Tips and tricks for starting (or restarting) a low-carb diet. Part 1
Tips and tricks or starting (or restarting) a low-carb diet. Part 2
One of the post I go back to myself when I need inspiration is the following one. It’s about an amazing woman whose success led me to use a different strategy to generate my own internal motivation.
Meditating in the garden of self loathing
Many people have terrific success with low-carb dieting. Then slowly end up drifting back into their old way of eating and, ultimately, their old weight. They then decide to recommit and low-carb again. Then find it doesn’t work as well the next time around. These next few posts tell you why and how you can overcome the problem. (It started out to be two posts, but many comments encouraged me to add another short post in between parts 1 and 2.) I’ve found the books mentioned in the Part 2 post to be helpful in many areas of life besides diet.
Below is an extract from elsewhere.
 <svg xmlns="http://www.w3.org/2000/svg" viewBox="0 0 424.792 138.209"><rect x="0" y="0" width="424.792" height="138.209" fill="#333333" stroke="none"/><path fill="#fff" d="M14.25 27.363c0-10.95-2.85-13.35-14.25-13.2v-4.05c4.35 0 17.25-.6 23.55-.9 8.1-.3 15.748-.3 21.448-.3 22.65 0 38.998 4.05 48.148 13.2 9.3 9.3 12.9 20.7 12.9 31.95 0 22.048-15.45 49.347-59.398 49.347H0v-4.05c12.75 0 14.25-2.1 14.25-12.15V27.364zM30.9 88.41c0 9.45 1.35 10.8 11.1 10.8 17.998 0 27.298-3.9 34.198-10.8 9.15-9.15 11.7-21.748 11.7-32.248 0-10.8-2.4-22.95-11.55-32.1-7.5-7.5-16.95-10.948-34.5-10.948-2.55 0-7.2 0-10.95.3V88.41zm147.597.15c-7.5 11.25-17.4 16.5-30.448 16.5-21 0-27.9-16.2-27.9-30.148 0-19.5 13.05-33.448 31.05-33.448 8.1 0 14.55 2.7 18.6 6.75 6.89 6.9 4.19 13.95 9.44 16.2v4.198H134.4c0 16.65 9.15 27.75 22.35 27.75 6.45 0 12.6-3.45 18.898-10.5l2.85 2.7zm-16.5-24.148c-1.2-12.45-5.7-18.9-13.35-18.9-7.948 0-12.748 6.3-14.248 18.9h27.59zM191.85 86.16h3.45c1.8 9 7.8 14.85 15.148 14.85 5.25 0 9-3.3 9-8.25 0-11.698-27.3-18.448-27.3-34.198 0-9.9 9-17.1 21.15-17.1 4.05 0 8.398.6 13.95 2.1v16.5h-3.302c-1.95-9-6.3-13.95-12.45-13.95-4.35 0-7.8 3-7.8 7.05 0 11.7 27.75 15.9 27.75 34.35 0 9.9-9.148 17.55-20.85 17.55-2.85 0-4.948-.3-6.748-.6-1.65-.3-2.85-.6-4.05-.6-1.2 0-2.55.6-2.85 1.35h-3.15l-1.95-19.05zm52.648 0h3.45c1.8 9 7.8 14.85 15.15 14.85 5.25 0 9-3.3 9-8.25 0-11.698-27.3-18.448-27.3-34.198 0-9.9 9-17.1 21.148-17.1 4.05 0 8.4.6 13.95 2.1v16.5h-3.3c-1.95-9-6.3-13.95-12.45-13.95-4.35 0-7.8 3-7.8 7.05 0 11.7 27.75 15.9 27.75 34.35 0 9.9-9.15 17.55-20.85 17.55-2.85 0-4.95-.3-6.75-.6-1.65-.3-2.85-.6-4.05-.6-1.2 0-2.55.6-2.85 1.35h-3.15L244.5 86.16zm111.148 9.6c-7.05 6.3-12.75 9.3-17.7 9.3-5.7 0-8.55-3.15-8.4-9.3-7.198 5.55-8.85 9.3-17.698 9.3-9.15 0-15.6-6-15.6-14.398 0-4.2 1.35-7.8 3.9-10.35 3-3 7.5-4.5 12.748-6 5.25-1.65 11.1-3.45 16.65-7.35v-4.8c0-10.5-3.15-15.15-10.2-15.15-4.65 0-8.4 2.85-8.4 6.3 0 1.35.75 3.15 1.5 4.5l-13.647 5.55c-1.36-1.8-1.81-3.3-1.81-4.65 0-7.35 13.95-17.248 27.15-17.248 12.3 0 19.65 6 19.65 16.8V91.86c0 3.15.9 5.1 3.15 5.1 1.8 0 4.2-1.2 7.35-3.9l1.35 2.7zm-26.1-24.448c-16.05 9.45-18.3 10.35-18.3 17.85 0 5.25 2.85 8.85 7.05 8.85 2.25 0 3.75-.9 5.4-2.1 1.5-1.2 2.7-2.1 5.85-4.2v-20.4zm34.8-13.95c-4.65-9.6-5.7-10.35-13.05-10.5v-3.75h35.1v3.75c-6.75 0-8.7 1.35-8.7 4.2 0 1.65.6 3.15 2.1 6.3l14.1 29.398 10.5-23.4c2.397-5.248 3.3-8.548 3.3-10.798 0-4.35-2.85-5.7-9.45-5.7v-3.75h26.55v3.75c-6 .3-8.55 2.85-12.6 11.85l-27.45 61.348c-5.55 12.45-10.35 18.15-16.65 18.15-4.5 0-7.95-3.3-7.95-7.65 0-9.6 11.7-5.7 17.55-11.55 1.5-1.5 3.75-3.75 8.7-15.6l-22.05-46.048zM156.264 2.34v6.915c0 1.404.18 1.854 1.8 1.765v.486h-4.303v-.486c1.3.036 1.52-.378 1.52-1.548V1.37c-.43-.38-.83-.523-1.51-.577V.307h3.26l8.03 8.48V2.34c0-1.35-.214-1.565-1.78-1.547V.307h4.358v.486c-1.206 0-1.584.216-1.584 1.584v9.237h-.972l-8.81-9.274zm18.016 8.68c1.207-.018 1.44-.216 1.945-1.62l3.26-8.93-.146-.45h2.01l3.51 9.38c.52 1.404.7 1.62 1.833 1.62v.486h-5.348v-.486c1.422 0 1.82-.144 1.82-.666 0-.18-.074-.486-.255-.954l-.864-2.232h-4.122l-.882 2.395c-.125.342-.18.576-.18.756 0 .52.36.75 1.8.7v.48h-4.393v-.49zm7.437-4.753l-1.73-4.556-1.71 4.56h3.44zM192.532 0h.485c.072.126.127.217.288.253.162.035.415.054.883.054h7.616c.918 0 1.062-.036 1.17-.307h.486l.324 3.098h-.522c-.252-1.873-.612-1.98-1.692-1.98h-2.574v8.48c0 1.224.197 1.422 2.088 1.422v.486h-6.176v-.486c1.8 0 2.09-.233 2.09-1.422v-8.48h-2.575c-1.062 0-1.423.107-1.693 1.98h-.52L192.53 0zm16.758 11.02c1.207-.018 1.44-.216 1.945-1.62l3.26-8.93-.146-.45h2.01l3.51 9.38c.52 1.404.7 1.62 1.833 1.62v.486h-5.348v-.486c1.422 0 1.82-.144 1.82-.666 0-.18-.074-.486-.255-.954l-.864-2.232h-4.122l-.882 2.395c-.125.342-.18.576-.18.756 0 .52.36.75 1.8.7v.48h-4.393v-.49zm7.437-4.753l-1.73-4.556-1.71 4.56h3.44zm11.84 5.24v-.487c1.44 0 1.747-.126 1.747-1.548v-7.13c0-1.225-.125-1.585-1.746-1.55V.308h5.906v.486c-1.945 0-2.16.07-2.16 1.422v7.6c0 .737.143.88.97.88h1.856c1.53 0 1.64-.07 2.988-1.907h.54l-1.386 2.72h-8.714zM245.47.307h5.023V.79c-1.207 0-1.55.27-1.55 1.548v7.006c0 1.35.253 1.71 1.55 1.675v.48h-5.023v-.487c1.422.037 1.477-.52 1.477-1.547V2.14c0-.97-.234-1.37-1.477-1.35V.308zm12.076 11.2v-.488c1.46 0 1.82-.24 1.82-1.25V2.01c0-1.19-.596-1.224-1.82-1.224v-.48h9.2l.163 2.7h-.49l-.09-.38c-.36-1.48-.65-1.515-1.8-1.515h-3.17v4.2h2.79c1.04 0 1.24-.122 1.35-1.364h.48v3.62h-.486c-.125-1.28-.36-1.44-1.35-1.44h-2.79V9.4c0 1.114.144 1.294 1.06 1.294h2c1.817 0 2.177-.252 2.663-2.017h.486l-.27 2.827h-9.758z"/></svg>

Why is low carb harder the second time around?
More thoughts on why low carb is harder the second time around
Why is low carb harder the second time around? Part 2
The debate continues to rage over whether it is the restriction of carbohydrates or the reduction of calories in a low-carb diet that brings about the weight loss and other positive changes. Here are two posts in which I give my take on the debate and a third describing some real caloric torpedoes to low-carb diets.
Low carb and calories
Low carb and calories. Part 2
Caloric torpedos
I included the next post because it describes what leptin is, how it works and why low-carb diets allow more of it to get to the brain where it exerts its anti hunger effects.
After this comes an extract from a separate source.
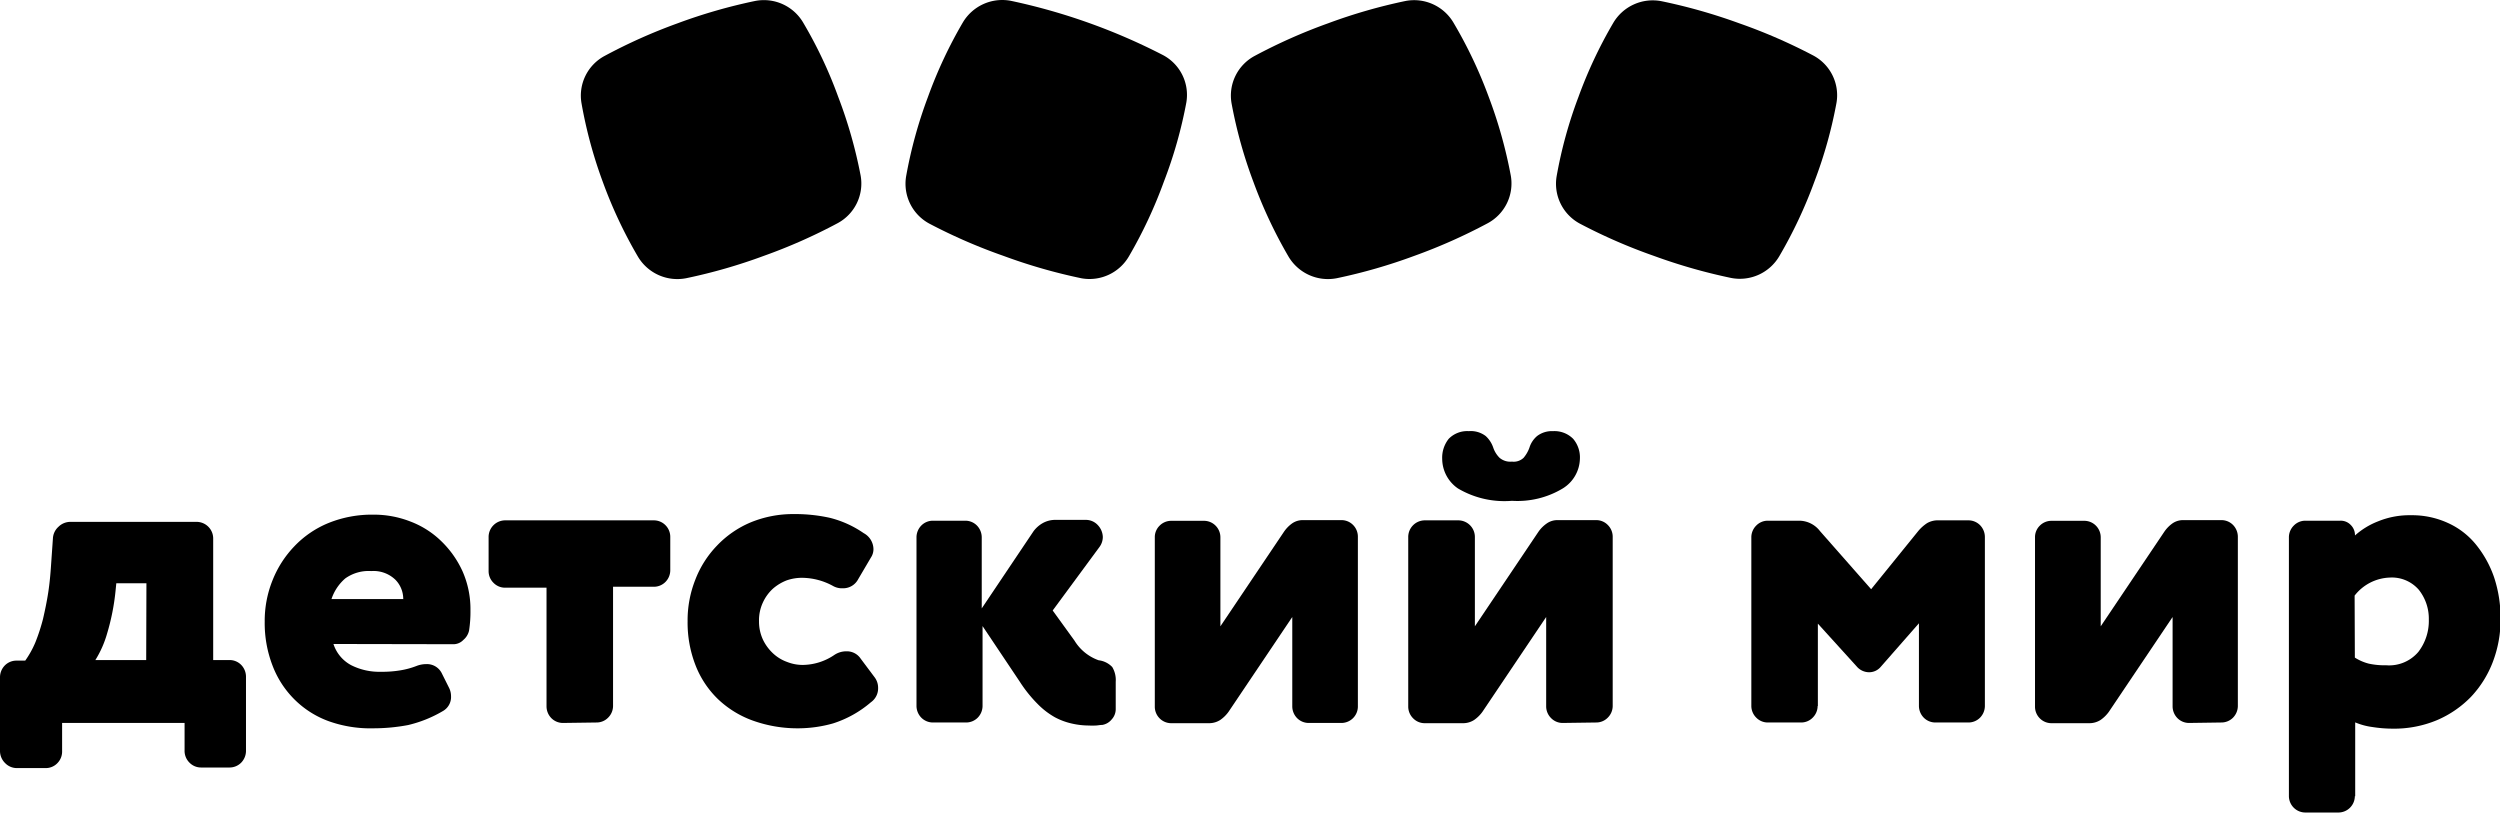 <?xml version="1.0" encoding="UTF-8"?> <svg xmlns="http://www.w3.org/2000/svg" viewBox="0 0 214.95 69.91"> <defs> <style>.cls-1{fill-rule:evenodd;}</style> </defs> <g id="Слой_2" data-name="Слой 2"> <g id="Слой_1-2" data-name="Слой 1"> <g id="Logo-_-Default" data-name="Logo-/-Default"> <g id="detmir_txt_logo" data-name="detmir txt logo"> <path id="Shape" d="M5.34,64.57a1.42,1.42,0,0,1-.41,1.05,1.38,1.38,0,0,1-1,.42H1.45a1.4,1.4,0,0,1-1-.42A1.46,1.46,0,0,1,0,64.57V58.22a1.46,1.46,0,0,1,.41-1,1.4,1.4,0,0,1,1-.42h.76a8.17,8.17,0,0,0,.88-1.59,16.32,16.32,0,0,0,.65-2c.17-.74.33-1.5.45-2.29s.19-1.57.24-2.34l.16-2.29a1.44,1.44,0,0,1,.48-1,1.46,1.46,0,0,1,1-.42H16.88a1.43,1.43,0,0,1,1.45,1.46V56.75h1.41a1.4,1.4,0,0,1,1,.42,1.46,1.46,0,0,1,.41,1v6.35a1.46,1.46,0,0,1-.41,1.05,1.4,1.4,0,0,1-1,.42H17.29a1.38,1.38,0,0,1-1-.42,1.42,1.42,0,0,1-.42-1.05V62.16H5.34Zm7.25-14.42H10l-.07.7a19.5,19.5,0,0,1-.73,3.65,8.9,8.9,0,0,1-1,2.25h4.37Z"></path> <path id="Shape-2" data-name="Shape" d="M28.67,55.37a3.17,3.17,0,0,0,1.52,1.82,5.35,5.35,0,0,0,2.52.57,9.58,9.58,0,0,0,1.69-.12,6.83,6.83,0,0,0,1.41-.38,2.33,2.33,0,0,1,.85-.16,1.42,1.42,0,0,1,1.34.82l.62,1.24a1.6,1.6,0,0,1,.16.7,1.38,1.38,0,0,1-.69,1.27,10.72,10.72,0,0,1-3,1.21,16,16,0,0,1-2.95.28A10.66,10.66,0,0,1,28.24,62a8.09,8.09,0,0,1-2.93-1.87,8.22,8.22,0,0,1-1.88-2.91,10.14,10.14,0,0,1-.67-3.76,9.32,9.32,0,0,1,.67-3.56,9,9,0,0,1,1.88-2.93,8.46,8.46,0,0,1,2.93-2,9.94,9.94,0,0,1,3.86-.72,8.6,8.6,0,0,1,3.16.58,7.7,7.7,0,0,1,2.65,1.67,8.47,8.47,0,0,1,1.85,2.6,8.06,8.06,0,0,1,.69,3.37,10.65,10.65,0,0,1-.12,1.75,1.45,1.45,0,0,1-.49.8,1.18,1.18,0,0,1-.82.37Zm6-3.88A2.35,2.35,0,0,0,34,49.85a2.71,2.71,0,0,0-2.08-.75,3.46,3.46,0,0,0-2.23.63,4,4,0,0,0-1.19,1.78h6.21Z"></path> <path id="Path" class="cls-1" d="M48.4,62.16a1.4,1.4,0,0,1-1-.42,1.45,1.45,0,0,1-.41-1V50.53H43.43a1.38,1.38,0,0,1-1-.42,1.4,1.4,0,0,1-.42-1V46.2a1.43,1.43,0,0,1,1.45-1.46H56.22a1.4,1.4,0,0,1,1,.42,1.42,1.42,0,0,1,.41,1v2.87a1.43,1.43,0,0,1-.41,1,1.4,1.4,0,0,1-1,.42H52.71V60.7a1.42,1.42,0,0,1-.42,1,1.38,1.38,0,0,1-1,.42Z"></path> <path id="Path-2" data-name="Path" class="cls-1" d="M71.62,50.38a5.61,5.61,0,0,0-2.64-.7,4,4,0,0,0-1.34.22,4,4,0,0,0-1.19.72,3.71,3.71,0,0,0-.86,1.19,3.64,3.64,0,0,0-.33,1.62A3.68,3.68,0,0,0,65.6,55a3.92,3.92,0,0,0,.88,1.19,3.5,3.5,0,0,0,1.21.73,3.6,3.6,0,0,0,1.36.25,4.91,4.91,0,0,0,2.69-.86A1.85,1.85,0,0,1,72.81,56a1.42,1.42,0,0,1,1.19.63l1.19,1.59a1.5,1.5,0,0,1,.31.92,1.46,1.46,0,0,1-.62,1.24,9.33,9.33,0,0,1-3.26,1.82,11.06,11.06,0,0,1-2.91.42,11.4,11.4,0,0,1-4-.67,8.54,8.54,0,0,1-3-1.86,8.16,8.16,0,0,1-1.92-2.92,10.09,10.09,0,0,1-.67-3.75,9.52,9.52,0,0,1,.66-3.57,8.71,8.71,0,0,1,1.86-2.93,8.58,8.58,0,0,1,2.89-2,9.58,9.58,0,0,1,3.71-.72,13.81,13.81,0,0,1,3.1.32,8.88,8.88,0,0,1,2.92,1.32,1.59,1.59,0,0,1,.84,1.37,1.3,1.3,0,0,1-.22.73l-1.1,1.87a1.45,1.45,0,0,1-1.31.77A1.56,1.56,0,0,1,71.62,50.38Z"></path> <path id="Path-3" data-name="Path" class="cls-1" d="M84.48,53.83V60.7a1.45,1.45,0,0,1-.41,1,1.4,1.4,0,0,1-1,.42H80.21a1.4,1.4,0,0,1-1-.42,1.45,1.45,0,0,1-.41-1V46.19a1.46,1.46,0,0,1,.41-1,1.4,1.4,0,0,1,1-.42H83a1.4,1.4,0,0,1,1,.42,1.46,1.46,0,0,1,.41,1v6.12l4.45-6.63a2.54,2.54,0,0,1,.79-.7,2.2,2.2,0,0,1,1-.28h2.69a1.39,1.39,0,0,1,1.07.47,1.55,1.55,0,0,1,.41,1,1.46,1.46,0,0,1-.31.89l-4,5.43,1.88,2.6a4,4,0,0,0,2.07,1.68,1.93,1.93,0,0,1,1.17.58,2.17,2.17,0,0,1,.3,1.27V61a1.31,1.31,0,0,1-.35.86,1.33,1.33,0,0,1-.81.47c-.21,0-.4.05-.57.05a5.06,5.06,0,0,1-.57,0,6.6,6.6,0,0,1-1.43-.16,5.69,5.69,0,0,1-1.5-.55,6.6,6.6,0,0,1-1.5-1.16,11.45,11.45,0,0,1-1.52-1.9Z"></path> <path id="Path-4" data-name="Path" class="cls-1" d="M112.52,62.16a1.4,1.4,0,0,1-1-.42,1.45,1.45,0,0,1-.41-1V53.05l-5.48,8.15a2.94,2.94,0,0,1-.71.7,1.78,1.78,0,0,1-.93.28h-3.29a1.4,1.4,0,0,1-1-.42,1.42,1.42,0,0,1-.41-1V46.2a1.38,1.38,0,0,1,.41-1,1.4,1.4,0,0,1,1-.42h2.82a1.4,1.4,0,0,1,1,.42,1.42,1.42,0,0,1,.41,1v7.65l5.48-8.15a2.87,2.87,0,0,1,.69-.7,1.59,1.59,0,0,1,.92-.28h3.32a1.4,1.4,0,0,1,1,.42,1.42,1.42,0,0,1,.41,1V60.7a1.42,1.42,0,0,1-1.45,1.46Z"></path> <path id="Shape-3" data-name="Shape" d="M134.36,62.16a1.38,1.38,0,0,1-1-.42,1.42,1.42,0,0,1-.42-1V53.05l-5.48,8.15a2.94,2.94,0,0,1-.71.7,1.73,1.73,0,0,1-.93.28H122.5a1.38,1.38,0,0,1-1-.42,1.42,1.42,0,0,1-.42-1V46.2a1.43,1.43,0,0,1,1.45-1.46h2.83a1.43,1.43,0,0,1,1.45,1.46v7.65l5.48-8.15A2.87,2.87,0,0,1,133,45a1.58,1.58,0,0,1,.91-.28h3.33a1.38,1.38,0,0,1,1,.42,1.42,1.42,0,0,1,.42,1V60.7a1.42,1.42,0,0,1-.42,1,1.38,1.38,0,0,1-1,.42Zm-.84-25.09a2.27,2.27,0,0,1,1.74.66,2.46,2.46,0,0,1,.58,1.72A3.08,3.08,0,0,1,134.36,42,7.55,7.55,0,0,1,130,43.06,7.85,7.85,0,0,1,125.36,42,3.11,3.11,0,0,1,124,39.45a2.6,2.6,0,0,1,.56-1.72,2.22,2.22,0,0,1,1.73-.66,2.11,2.11,0,0,1,1.45.42,2.37,2.37,0,0,1,.65,1,2.26,2.26,0,0,0,.54.87,1.43,1.43,0,0,0,1.07.33,1.23,1.23,0,0,0,1-.33,2.8,2.8,0,0,0,.5-.87,2.13,2.13,0,0,1,.66-1A2.09,2.09,0,0,1,133.52,37.07Z"></path> <path id="Path-5" data-name="Path" class="cls-1" d="M156.28,60.7a1.42,1.42,0,0,1-.42,1,1.38,1.38,0,0,1-1,.42H152a1.38,1.38,0,0,1-1-.42,1.42,1.42,0,0,1-.42-1V46.19a1.42,1.42,0,0,1,.42-1,1.38,1.38,0,0,1,1-.42h2.72a2.27,2.27,0,0,1,1.76.89l4.4,5,4.05-5a3.47,3.47,0,0,1,.76-.68,1.82,1.82,0,0,1,1-.24h2.56a1.4,1.4,0,0,1,1,.42,1.46,1.46,0,0,1,.41,1V60.7a1.45,1.45,0,0,1-.41,1,1.4,1.4,0,0,1-1,.42H166.4a1.4,1.4,0,0,1-1-.42,1.45,1.45,0,0,1-.41-1V53.59l-3.28,3.74a1.3,1.3,0,0,1-1,.47,1.41,1.41,0,0,1-1-.42l-3.41-3.76V60.7Z"></path> <path id="Path-6" data-name="Path" class="cls-1" d="M188.21,62.16a1.4,1.4,0,0,1-1-.42,1.45,1.45,0,0,1-.41-1V53.05l-5.48,8.15a2.94,2.94,0,0,1-.71.7,1.78,1.78,0,0,1-.93.28h-3.3a1.4,1.4,0,0,1-1-.42,1.42,1.42,0,0,1-.41-1V46.2a1.38,1.38,0,0,1,.41-1,1.4,1.4,0,0,1,1-.42h2.83a1.4,1.4,0,0,1,1,.42,1.42,1.42,0,0,1,.41,1v7.65l5.48-8.15a2.87,2.87,0,0,1,.69-.7,1.59,1.59,0,0,1,.92-.28H191a1.4,1.4,0,0,1,1,.42,1.46,1.46,0,0,1,.41,1V60.7a1.45,1.45,0,0,1-.41,1,1.4,1.4,0,0,1-1,.42Z"></path> <path id="Shape-4" data-name="Shape" d="M202.47,68.45a1.42,1.42,0,0,1-.42,1,1.41,1.41,0,0,1-1,.41h-2.83a1.41,1.41,0,0,1-1-.41,1.42,1.42,0,0,1-.42-1V46.19a1.42,1.42,0,0,1,.42-1,1.38,1.38,0,0,1,1-.42h3a1.18,1.18,0,0,1,.9.37,1.22,1.22,0,0,1,.36.9,6.52,6.52,0,0,1,2-1.22,7.11,7.11,0,0,1,2.83-.52,7.37,7.37,0,0,1,3.15.66,6.61,6.61,0,0,1,2.43,1.87,9.22,9.22,0,0,1,1.56,2.83,11.21,11.21,0,0,1,.55,3.56,10.22,10.22,0,0,1-.67,3.7,9.08,9.08,0,0,1-1.88,3,9,9,0,0,1-2.92,2,9.55,9.55,0,0,1-3.81.73,11.24,11.24,0,0,1-1.74-.14,5.67,5.67,0,0,1-1.48-.4v6.36Zm0-11.91a4.15,4.15,0,0,0,1.2.52,6.41,6.41,0,0,0,1.49.14,3.29,3.29,0,0,0,2.77-1.15,4.37,4.37,0,0,0,.9-2.78,4,4,0,0,0-.86-2.56,3.07,3.07,0,0,0-2.52-1.05,4,4,0,0,0-3,1.55Z"></path> </g> <g id="Logo-_-Cubes" data-name="Logo-/-Cubes"> <path id="Cube" class="cls-1" d="M156,15.62A39.5,39.5,0,0,1,153,22a3.93,3.93,0,0,1-4.15,1.9A47.79,47.79,0,0,1,142.2,22a46.84,46.84,0,0,1-6.36-2.77,3.89,3.89,0,0,1-2-4.08,38,38,0,0,1,1.87-6.8A38.78,38.78,0,0,1,138.69,2a3.94,3.94,0,0,1,4.15-1.9A47.79,47.79,0,0,1,149.53,2a47.09,47.09,0,0,1,6.37,2.77,3.87,3.87,0,0,1,2,4.08A38.63,38.63,0,0,1,156,15.62Z"></path> <path id="Cube-2" data-name="Cube" class="cls-1" d="M128,8.33a39.86,39.86,0,0,1,1.9,6.78,3.88,3.88,0,0,1-2,4.09A47.23,47.23,0,0,1,121.6,22a46.55,46.55,0,0,1-6.66,1.92,3.94,3.94,0,0,1-4.16-1.87,40,40,0,0,1-3-6.38,39.63,39.63,0,0,1-1.89-6.78,3.87,3.87,0,0,1,2-4.09A47,47,0,0,1,114.2,2,46.24,46.24,0,0,1,120.87.08,3.93,3.93,0,0,1,125,2,38.7,38.7,0,0,1,128,8.33Z"></path> <path id="Cube-3" data-name="Cube" class="cls-1" d="M100.07,15.62a39.5,39.5,0,0,1-3,6.41A3.92,3.92,0,0,1,93,23.93,47,47,0,0,1,86.28,22a47.09,47.09,0,0,1-6.37-2.77,3.89,3.89,0,0,1-2-4.08,38.84,38.84,0,0,1,1.87-6.8,38.78,38.78,0,0,1,3-6.41A3.94,3.94,0,0,1,86.91.07,52.12,52.12,0,0,1,100,4.74a3.87,3.87,0,0,1,2,4.08A38.63,38.63,0,0,1,100.07,15.62Z"></path> <path id="Cube-4" data-name="Cube" class="cls-1" d="M72.07,8.33A39.86,39.86,0,0,1,74,15.11a3.87,3.87,0,0,1-2,4.09A46.65,46.65,0,0,1,65.67,22,46.55,46.55,0,0,1,59,23.92a3.94,3.94,0,0,1-4.16-1.87,39.23,39.23,0,0,1-3-6.38A38.93,38.93,0,0,1,50,8.89a3.87,3.87,0,0,1,2-4.09A47,47,0,0,1,58.27,2,46.24,46.24,0,0,1,64.94.08,3.92,3.92,0,0,1,69.09,2,37.89,37.89,0,0,1,72.07,8.33Z"></path> </g> </g> </g> </g> </svg>

Leptin, low carb and hunger
The inclusion is the post of mine that has received the most hits and the most comments of any other post, so I figure it touched a nerve on a lot of people. It’s a basic overview of the metabolic process of ketone production and how it all works with a low-carb diet. I’ve had a zillion people ask me what the photo at the top of the post has to do with the post. The answer is, I guess, that it doesn’t have anything to do with it. I put it there because ketones fueled our ancient ancestors through many a hunt, so I figured the picture was apropos.
Metabolism and ketosis
The last post contains an article I wrote a few years ago for a now defunct magazine. It talks about how and why low-carb dieting works but also about why it can’t be done in a half assed way. Like so many things in life, a low-carb diet requires commitment to reap the full benefits.
We never failed to fail
I hope you enjoy this roundup or one-man low-carb rodeo. And I hope it answers a lot of questions many of you might have. It will certainly help me to have all these in one place because I can now just send people with questions to this one post instead of parts of the list above.
As always, please let me know what you think in the comments section. And, for newbies (or even oldbies) this site contains an extremely active forum administered by terrifically capable people who can walk you or talk you through a lot of problems, plateaus and other tough spots.
Finally, a Happy New Year to all!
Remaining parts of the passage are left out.